INSTRUCTIONS FOR THE TASK: An exact transcription of each entry below is required, without any pictures.

INFORMATION SHOWN:
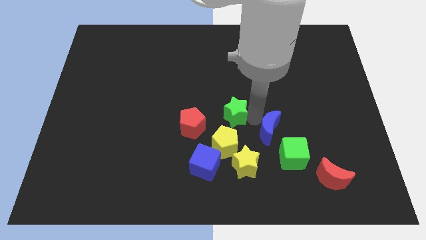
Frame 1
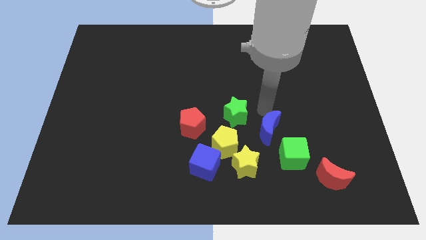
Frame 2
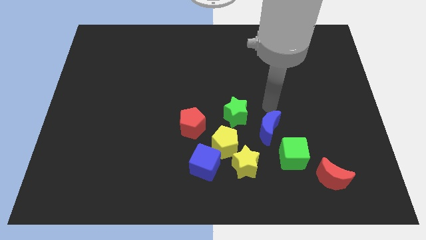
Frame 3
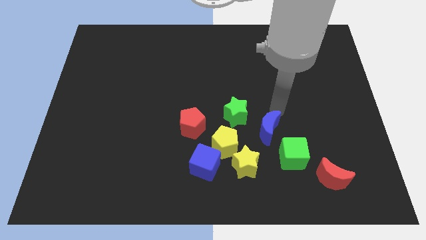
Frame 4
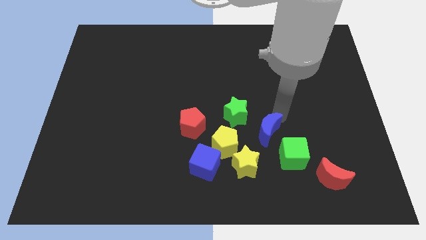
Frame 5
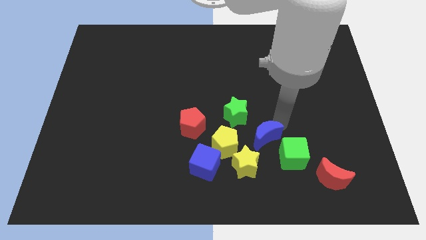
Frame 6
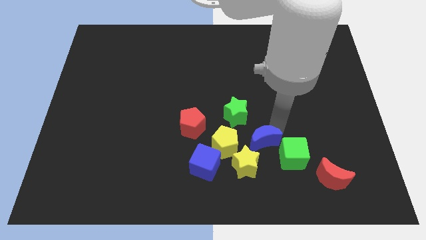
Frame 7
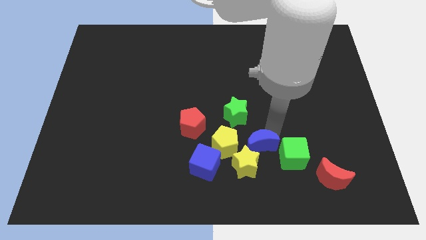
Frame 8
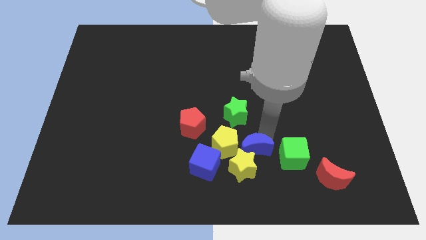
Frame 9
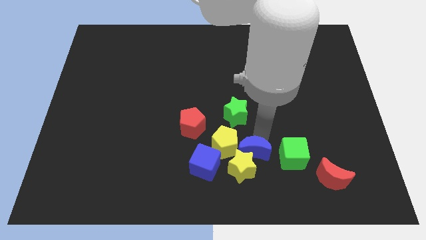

RESPONSE:
Frame 1
Frame 2
Frame 3
Frame 4
Frame 5
Frame 6
Frame 7
Frame 8
Frame 9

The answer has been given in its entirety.